:: Work instructions ::
Set every entry down again exactly, excluding any pictures.
◆ ◆ ◆
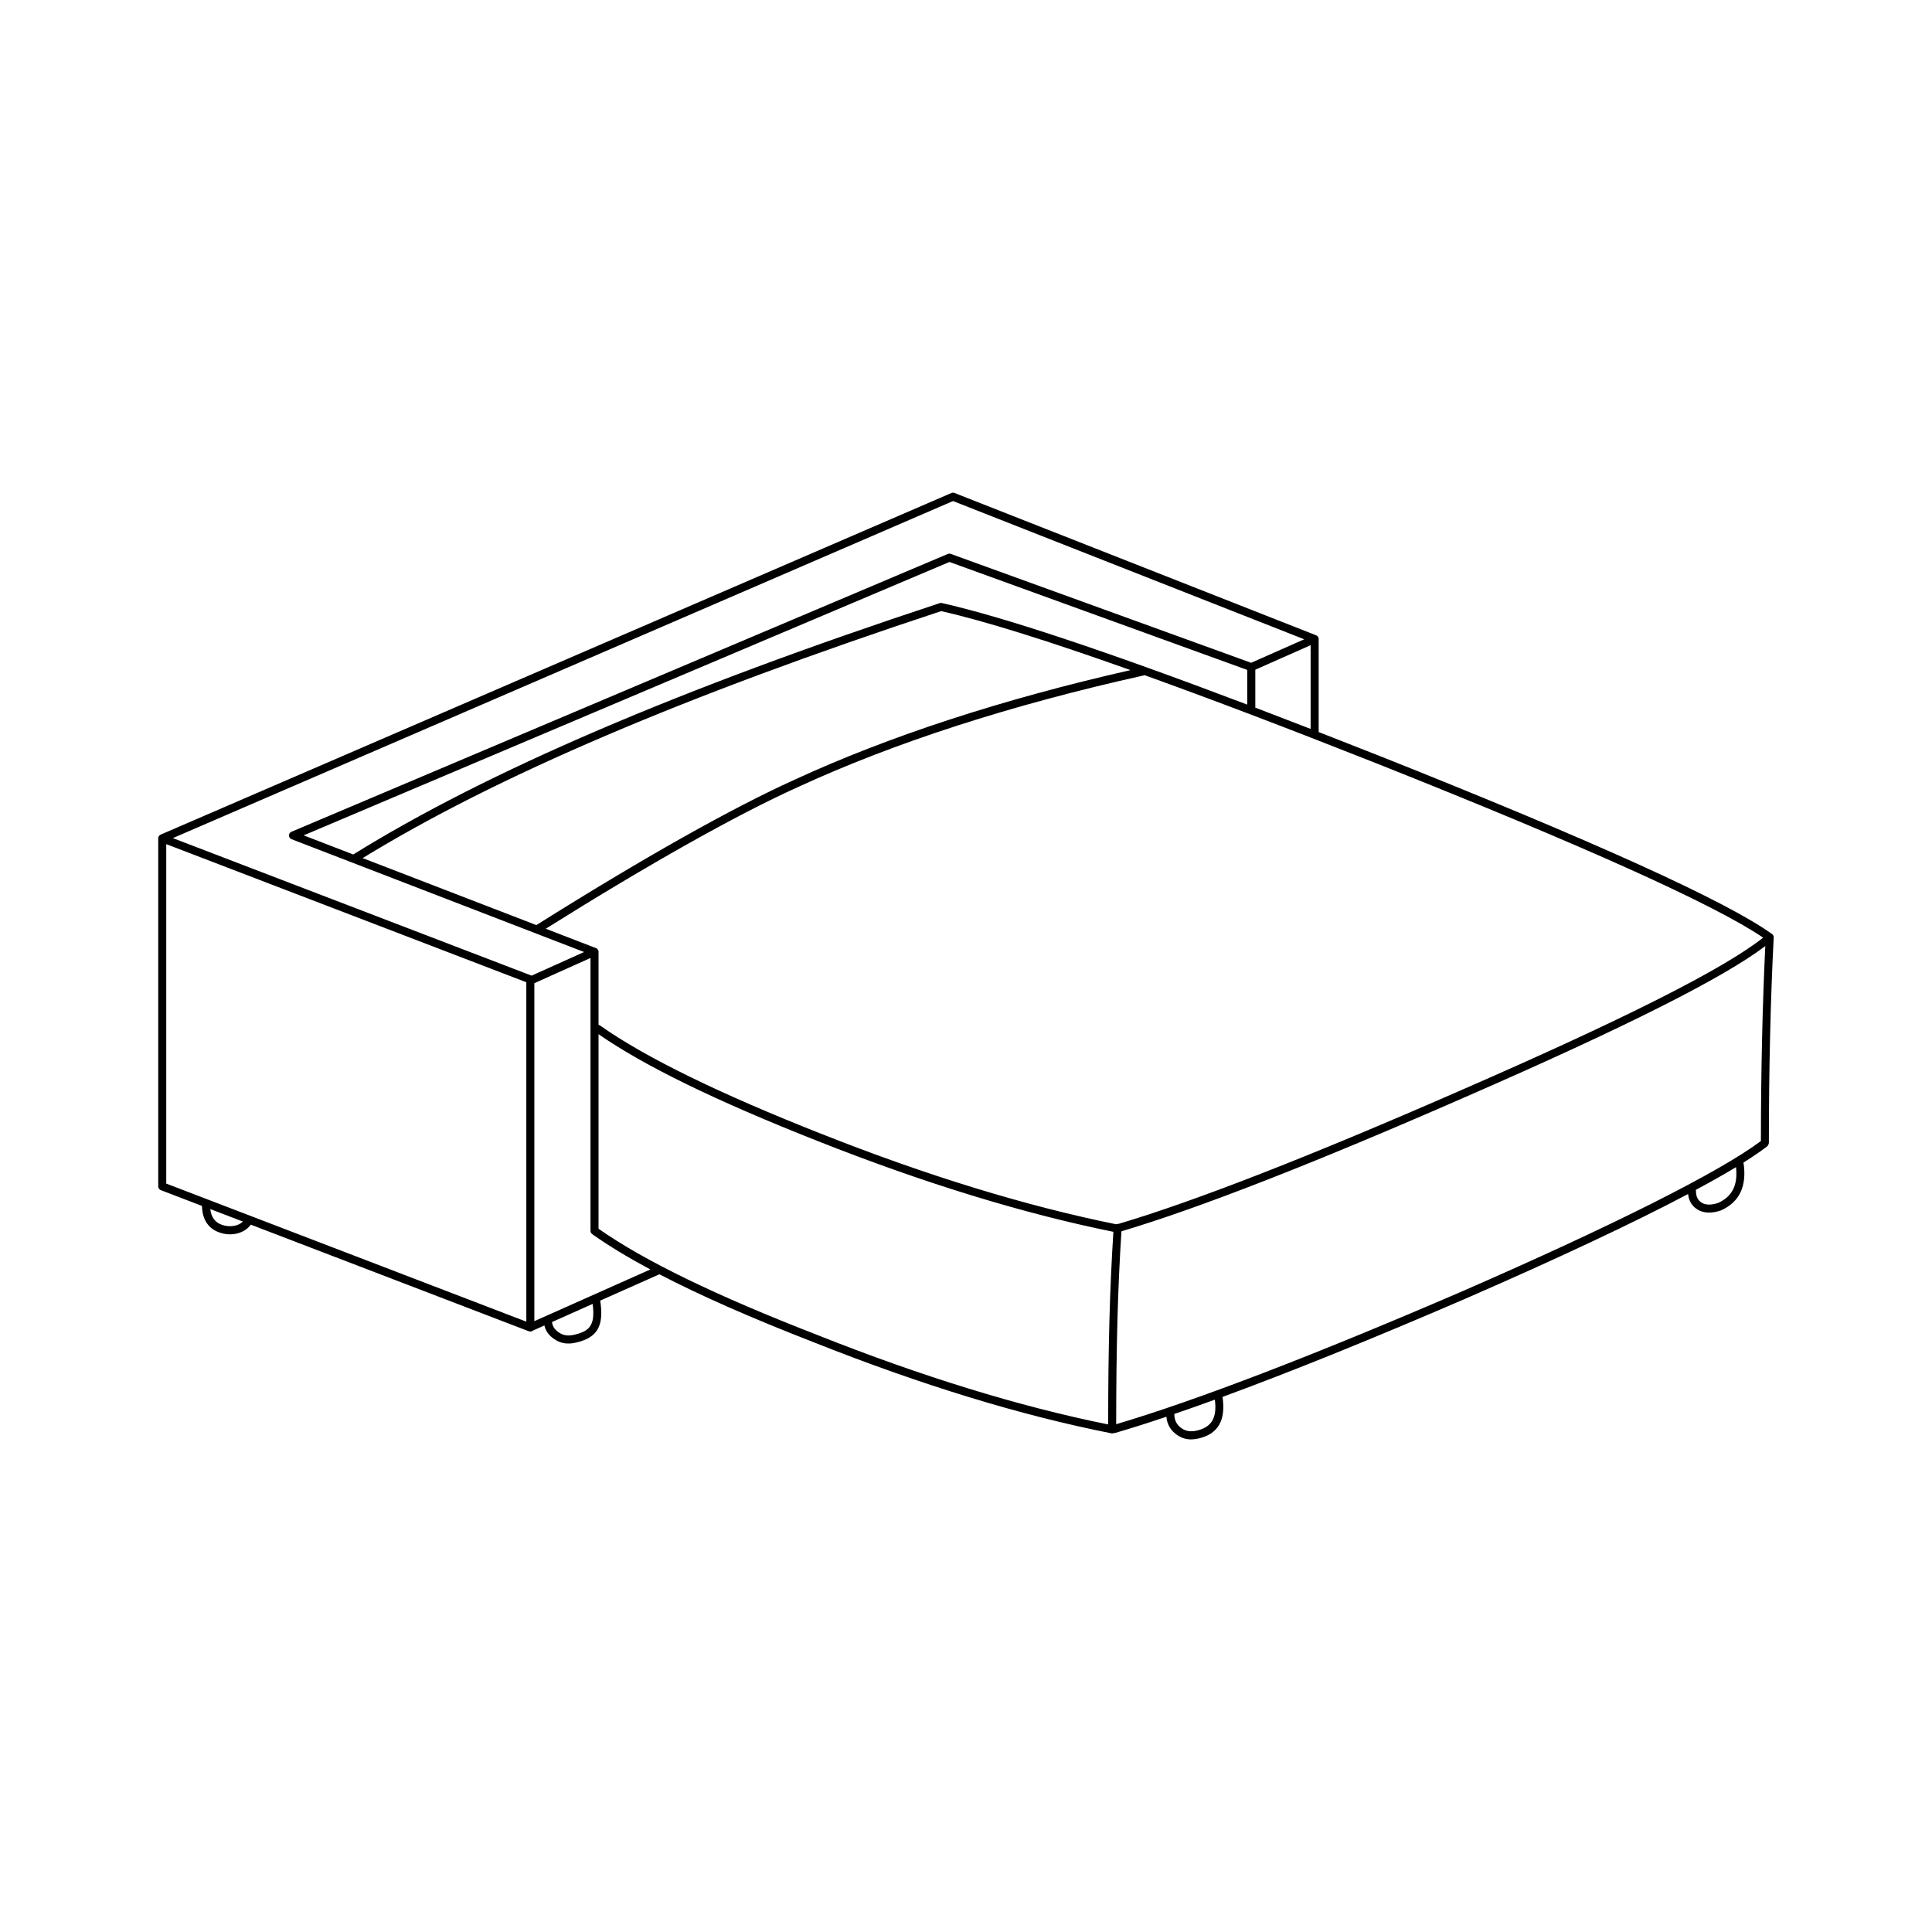 <?xml version="1.0" encoding="UTF-8"?>
<!-- Uploaded to: ICON Repo, www.svgrepo.com, Generator: ICON Repo Mixer Tools -->
<svg fill="#000000" width="800px" height="800px" version="1.1" viewBox="144 144 512 512" xmlns="http://www.w3.org/2000/svg">
 <path d="m614.01 392.06v0c-0.02-0.051-0.047-0.102-0.07-0.141-0.055-0.105-0.125-0.211-0.227-0.297-0.035-0.035-0.074-0.066-0.105-0.09-11.984-8.652-47.055-24.566-104.24-47.293-5.461-2.16-10.77-4.242-15.906-6.242v-24.621-0.082-0.004c0-0.047-0.012-0.09-0.016-0.137-0.023-0.137-0.082-0.266-0.152-0.383-0.055-0.082-0.105-0.145-0.176-0.211h-0.012c-0.039-0.039-0.102-0.082-0.145-0.109-0.059-0.035-0.121-0.07-0.188-0.098l-95.828-37.715c-0.125-0.051-0.262-0.086-0.395-0.074-0.137 0-0.277 0.031-0.414 0.086l-209.54 90.523c-0.059 0.023-0.117 0.055-0.172 0.09-0.07 0.047-0.137 0.102-0.191 0.156h-0.004c-0.055 0.059-0.105 0.121-0.145 0.191-0.059 0.105-0.105 0.223-0.133 0.348-0.016 0.074-0.02 0.145-0.016 0.223v92.188c0 0.074 0 0.137 0.016 0.207 0.023 0.156 0.09 0.301 0.176 0.43 0.086 0.117 0.191 0.223 0.316 0.309 0.059 0.031 0.121 0.07 0.195 0.09l10.883 4.172c0.051 1.859 0.508 5.578 4.578 7.027 3.559 1.266 6.961 0 8.348-2.066l73.711 28.266c0.371 0.141 0.781 0.066 1.062-0.18l3.055-1.367c0.332 1.512 1.195 2.672 2.672 3.656 1.598 1.113 3.492 1.402 5.621 0.906 5.738-1.305 7.535-4.336 6.5-11.148l15.48-6.887c0.059-0.031 0.117-0.066 0.168-0.102 10.883 5.656 24.496 11.648 41.09 18.094 28.266 11.234 54.75 19.34 78.699 24.062 0.039 0.012 0.082 0.016 0.117 0.02 0.117 0.016 0.246 0.004 0.363-0.023v-0.004c0.059-0.016 0.109-0.031 0.168-0.059 0.121 0.02 0.277 0 0.414-0.039 4.102-1.199 8.629-2.625 13.539-4.289 0.176 2.051 1.164 3.723 2.871 4.863 1.098 0.762 2.336 1.148 3.688 1.148 0.621 0 1.258-0.086 1.926-0.238 5.211-1.184 7.305-4.793 6.394-11.023 18-6.609 39.742-15.391 64.355-26.023 24.844-10.828 44.734-20.191 59.02-27.746 0.207 1.977 1.168 3.43 2.91 4.348 1.633 0.754 3.481 0.77 5.769 0.012 4.949-2.191 6.969-6.457 6-12.699 2.465-1.547 4.551-2.969 6.231-4.258 0.156-0.121 0.281-0.281 0.344-0.457 0.105-0.156 0.152-0.348 0.152-0.555 0-19.391 0.449-38.18 1.281-54.336 0.004-0.023 0.004-0.059 0.004-0.09 0-0.121-0.023-0.227-0.047-0.328zm-411.2 76.527c-1.824-0.645-2.805-1.965-3.09-4.176l8.652 3.316c-1.062 1.098-3.324 1.652-5.562 0.859zm80.672 25.664-95.422-36.59v-89.957l95.418 36.598zm1.398-91.695-95.07-36.449 206.75-89.324 93.074 36.633-14.07 6.231-79.613-28.863c-0.023-0.012-0.047-0.016-0.07-0.023h-0.004c-0.098-0.023-0.195-0.039-0.293-0.039h-0.004c-0.137 0-0.273 0.031-0.406 0.086l-173.95 73.629c-0.004 0.004-0.016 0.004-0.02 0.012h-0.004c-0.125 0.055-0.238 0.137-0.324 0.23-0.082 0.086-0.152 0.188-0.203 0.301-0.004 0.004-0.004 0.004-0.004 0.012-0.016 0.035-0.031 0.074-0.039 0.109v0.004 0.004 0.004c-0.023 0.09-0.039 0.176-0.047 0.266-0.004 0.145 0.02 0.297 0.09 0.441 0.059 0.137 0.141 0.258 0.242 0.352 0.102 0.098 0.215 0.172 0.348 0.223l77.531 29.902zm206.45-87.574v22.188c-5.047-1.961-9.941-3.84-14.66-5.637v-10.055zm-97.723-11.168c-0.102-0.02-0.211-0.039-0.297-0.023-0.105 0.004-0.207 0.023-0.301 0.055-69.016 22.758-119.84 44.543-155.39 66.598l-13.148-5.066 171.14-72.453 78.926 28.613v9.191c-37.578-14.254-64.73-23.281-80.938-26.914zm49.992 17.773c-34.059 7.738-64.004 17.508-89.039 29.051-16.523 7.461-40.184 20.781-68.418 38.52l-46.031-17.75c35.285-21.652 85.461-43.074 153.3-65.453 11.406 2.57 28.191 7.805 50.188 15.633zm-147.5 176.15c-1.547 0.352-2.836 0.176-3.949-0.594-1.152-0.77-1.715-1.586-1.859-2.793l10.766-4.801c0.781 5.828-0.961 7.281-4.957 8.188zm-7.215-5.074c-0.086 0.02-0.172 0.059-0.242 0.105l-3.031 1.355v-89.57l14.879-6.68v72.316c0 0.414 0.23 0.766 0.574 0.945 0.031 0.031 0.07 0.059 0.105 0.086 4.227 2.984 9.27 6.039 15.18 9.199zm148.79 28.828c-23.496-4.734-49.418-12.707-77.078-23.711-26.863-10.434-45.832-19.637-57.977-28.148v-51.559c12.16 8.43 31.207 17.715 58.156 28.344 28.008 11.094 54.348 19.184 78.285 24.027-0.965 15.137-1.371 30.109-1.387 51.047zm-76.113-77.051c-27.035-10.664-46.727-20.309-58.539-28.676-0.125-0.086-0.262-0.137-0.402-0.172v-19.336-0.023c0-0.074-0.004-0.152-0.023-0.223-0.023-0.121-0.074-0.23-0.141-0.332-0.051-0.082-0.105-0.156-0.176-0.215-0.055-0.047-0.109-0.09-0.176-0.125-0.059-0.035-0.121-0.066-0.188-0.09l-13.285-5.125c27.562-17.262 50.637-30.23 66.824-37.539 25.633-11.812 56.453-21.766 91.598-29.574 0.09-0.02 0.172-0.051 0.246-0.09 17.375 6.242 37.836 14.02 61.293 23.305 55.328 21.992 89.844 37.543 102.66 46.262-10.438 8.266-36.578 21.473-79.742 40.293-40.172 17.59-70.832 29.555-91.133 35.574-0.035 0-0.07-0.012-0.105-0.012-0.156 0-0.344 0.02-0.504 0.098-23.902-4.836-50.211-12.906-78.207-24zm99.566 78.691c-1.559 0.352-2.836 0.168-3.941-0.594-1.316-0.871-1.98-2.152-1.98-3.793v-0.031c3.406-1.152 6.992-2.422 10.742-3.789 0.621 4.832-0.852 7.309-4.82 8.207zm138.15-60.328c-1.637 0.543-2.988 0.559-4.055 0.074-1.223-0.66-1.777-1.672-1.777-3.309 0-0.086-0.012-0.156-0.031-0.242 4.047-2.172 7.598-4.172 10.645-6.016 0.535 4.781-1.027 7.828-4.781 9.492zm11.379-16.422c-10.867 8.16-38.938 22.289-79.152 39.832-38.938 16.812-70.613 28.98-91.707 35.215 0.02-20.98 0.422-35.961 1.395-51.121 20.398-6.066 51.051-18.035 91.16-35.594 42.32-18.461 68.387-31.578 79.465-39.996-0.742 15.523-1.152 33.312-1.16 51.664z"/>
</svg>
◆ ◆ ◆
:: Response to the exercise ::
 <?xml version="1.0" encoding="UTF-8"?>
<!-- Uploaded to: ICON Repo, www.svgrepo.com, Generator: ICON Repo Mixer Tools -->
<svg fill="#000000" width="800px" height="800px" version="1.1" viewBox="144 144 512 512" xmlns="http://www.w3.org/2000/svg">
 <path d="m614.01 392.06v0c-0.02-0.051-0.047-0.102-0.07-0.141-0.055-0.105-0.125-0.211-0.227-0.297-0.035-0.035-0.074-0.066-0.105-0.09-11.984-8.652-47.055-24.566-104.24-47.293-5.461-2.16-10.77-4.242-15.906-6.242v-24.621-0.082-0.004c0-0.047-0.012-0.09-0.016-0.137-0.023-0.137-0.082-0.266-0.152-0.383-0.055-0.082-0.105-0.145-0.176-0.211h-0.012c-0.039-0.039-0.102-0.082-0.145-0.109-0.059-0.035-0.121-0.07-0.188-0.098l-95.828-37.715c-0.125-0.051-0.262-0.086-0.395-0.074-0.137 0-0.277 0.031-0.414 0.086l-209.54 90.523c-0.059 0.023-0.117 0.055-0.172 0.09-0.07 0.047-0.137 0.102-0.191 0.156h-0.004c-0.055 0.059-0.105 0.121-0.145 0.191-0.059 0.105-0.105 0.223-0.133 0.348-0.016 0.074-0.02 0.145-0.016 0.223v92.188c0 0.074 0 0.137 0.016 0.207 0.023 0.156 0.09 0.301 0.176 0.43 0.086 0.117 0.191 0.223 0.316 0.309 0.059 0.031 0.121 0.07 0.195 0.09l10.883 4.172c0.051 1.859 0.508 5.578 4.578 7.027 3.559 1.266 6.961 0 8.348-2.066l73.711 28.266c0.371 0.141 0.781 0.066 1.062-0.18l3.055-1.367c0.332 1.512 1.195 2.672 2.672 3.656 1.598 1.113 3.492 1.402 5.621 0.906 5.738-1.305 7.535-4.336 6.5-11.148l15.48-6.887c0.059-0.031 0.117-0.066 0.168-0.102 10.883 5.656 24.496 11.648 41.09 18.094 28.266 11.234 54.75 19.34 78.699 24.062 0.039 0.012 0.082 0.016 0.117 0.02 0.117 0.016 0.246 0.004 0.363-0.023v-0.004c0.059-0.016 0.109-0.031 0.168-0.059 0.121 0.02 0.277 0 0.414-0.039 4.102-1.199 8.629-2.625 13.539-4.289 0.176 2.051 1.164 3.723 2.871 4.863 1.098 0.762 2.336 1.148 3.688 1.148 0.621 0 1.258-0.086 1.926-0.238 5.211-1.184 7.305-4.793 6.394-11.023 18-6.609 39.742-15.391 64.355-26.023 24.844-10.828 44.734-20.191 59.02-27.746 0.207 1.977 1.168 3.43 2.91 4.348 1.633 0.754 3.481 0.77 5.769 0.012 4.949-2.191 6.969-6.457 6-12.699 2.465-1.547 4.551-2.969 6.231-4.258 0.156-0.121 0.281-0.281 0.344-0.457 0.105-0.156 0.152-0.348 0.152-0.555 0-19.391 0.449-38.18 1.281-54.336 0.004-0.023 0.004-0.059 0.004-0.09 0-0.121-0.023-0.227-0.047-0.328zm-411.2 76.527c-1.824-0.645-2.805-1.965-3.09-4.176l8.652 3.316c-1.062 1.098-3.324 1.652-5.562 0.859zm80.672 25.664-95.422-36.59v-89.957l95.418 36.598zm1.398-91.695-95.07-36.449 206.75-89.324 93.074 36.633-14.07 6.231-79.613-28.863c-0.023-0.012-0.047-0.016-0.07-0.023h-0.004c-0.098-0.023-0.195-0.039-0.293-0.039h-0.004c-0.137 0-0.273 0.031-0.406 0.086l-173.95 73.629c-0.004 0.004-0.016 0.004-0.02 0.012h-0.004c-0.125 0.055-0.238 0.137-0.324 0.23-0.082 0.086-0.152 0.188-0.203 0.301-0.004 0.004-0.004 0.004-0.004 0.012-0.016 0.035-0.031 0.074-0.039 0.109v0.004 0.004 0.004c-0.023 0.09-0.039 0.176-0.047 0.266-0.004 0.145 0.02 0.297 0.09 0.441 0.059 0.137 0.141 0.258 0.242 0.352 0.102 0.098 0.215 0.172 0.348 0.223l77.531 29.902zm206.45-87.574v22.188c-5.047-1.961-9.941-3.84-14.66-5.637v-10.055zm-97.723-11.168c-0.102-0.02-0.211-0.039-0.297-0.023-0.105 0.004-0.207 0.023-0.301 0.055-69.016 22.758-119.84 44.543-155.39 66.598l-13.148-5.066 171.14-72.453 78.926 28.613v9.191c-37.578-14.254-64.73-23.281-80.938-26.914zm49.992 17.773c-34.059 7.738-64.004 17.508-89.039 29.051-16.523 7.461-40.184 20.781-68.418 38.52l-46.031-17.75c35.285-21.652 85.461-43.074 153.3-65.453 11.406 2.57 28.191 7.805 50.188 15.633zm-147.5 176.15c-1.547 0.352-2.836 0.176-3.949-0.594-1.152-0.77-1.715-1.586-1.859-2.793l10.766-4.801c0.781 5.828-0.961 7.281-4.957 8.188zm-7.215-5.074c-0.086 0.02-0.172 0.059-0.242 0.105l-3.031 1.355v-89.57l14.879-6.68v72.316c0 0.414 0.23 0.766 0.574 0.945 0.031 0.031 0.07 0.059 0.105 0.086 4.227 2.984 9.27 6.039 15.18 9.199zm148.79 28.828c-23.496-4.734-49.418-12.707-77.078-23.711-26.863-10.434-45.832-19.637-57.977-28.148v-51.559c12.16 8.43 31.207 17.715 58.156 28.344 28.008 11.094 54.348 19.184 78.285 24.027-0.965 15.137-1.371 30.109-1.387 51.047zm-76.113-77.051c-27.035-10.664-46.727-20.309-58.539-28.676-0.125-0.086-0.262-0.137-0.402-0.172v-19.336-0.023c0-0.074-0.004-0.152-0.023-0.223-0.023-0.121-0.074-0.23-0.141-0.332-0.051-0.082-0.105-0.156-0.176-0.215-0.055-0.047-0.109-0.09-0.176-0.125-0.059-0.035-0.121-0.066-0.188-0.09l-13.285-5.125c27.562-17.262 50.637-30.23 66.824-37.539 25.633-11.812 56.453-21.766 91.598-29.574 0.09-0.02 0.172-0.051 0.246-0.09 17.375 6.242 37.836 14.02 61.293 23.305 55.328 21.992 89.844 37.543 102.66 46.262-10.438 8.266-36.578 21.473-79.742 40.293-40.172 17.59-70.832 29.555-91.133 35.574-0.035 0-0.07-0.012-0.105-0.012-0.156 0-0.344 0.02-0.504 0.098-23.902-4.836-50.211-12.906-78.207-24zm99.566 78.691c-1.559 0.352-2.836 0.168-3.941-0.594-1.316-0.871-1.98-2.152-1.98-3.793v-0.031c3.406-1.152 6.992-2.422 10.742-3.789 0.621 4.832-0.852 7.309-4.82 8.207zm138.15-60.328c-1.637 0.543-2.988 0.559-4.055 0.074-1.223-0.66-1.777-1.672-1.777-3.309 0-0.086-0.012-0.156-0.031-0.242 4.047-2.172 7.598-4.172 10.645-6.016 0.535 4.781-1.027 7.828-4.781 9.492zm11.379-16.422c-10.867 8.16-38.938 22.289-79.152 39.832-38.938 16.812-70.613 28.98-91.707 35.215 0.02-20.98 0.422-35.961 1.395-51.121 20.398-6.066 51.051-18.035 91.16-35.594 42.32-18.461 68.387-31.578 79.465-39.996-0.742 15.523-1.152 33.312-1.16 51.664z"/>
</svg>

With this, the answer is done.